Every line below from the one containing "Active color: b" through the one containing "Best continuation: Nxa6 Nxa6 Qb7+ Kg1 Qxa6" must be transcribed exactly. Omit all lines outside that stretch.

=== MATERIAL SUPPLIED ===
__________________________________________________

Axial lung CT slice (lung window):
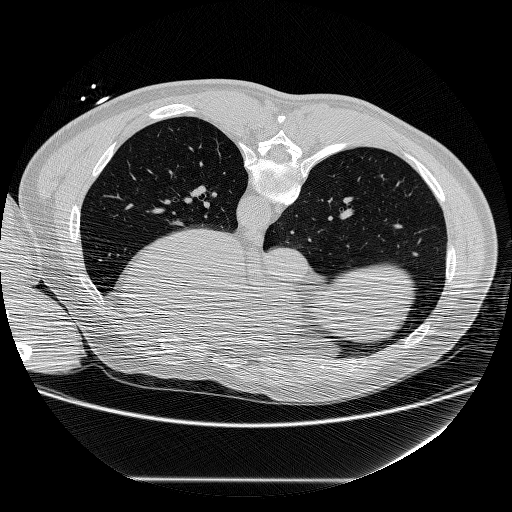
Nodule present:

__________________________________________________

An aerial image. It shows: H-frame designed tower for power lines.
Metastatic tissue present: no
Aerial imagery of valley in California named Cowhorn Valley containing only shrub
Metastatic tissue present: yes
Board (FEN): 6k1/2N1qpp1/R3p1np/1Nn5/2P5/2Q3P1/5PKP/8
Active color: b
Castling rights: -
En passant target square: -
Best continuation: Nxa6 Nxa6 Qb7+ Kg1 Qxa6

__________________________________________________

=== WRITTEN SOLUTION ===
Active color: b
Castling rights: -
En passant target square: -
Best continuation: Nxa6 Nxa6 Qb7+ Kg1 Qxa6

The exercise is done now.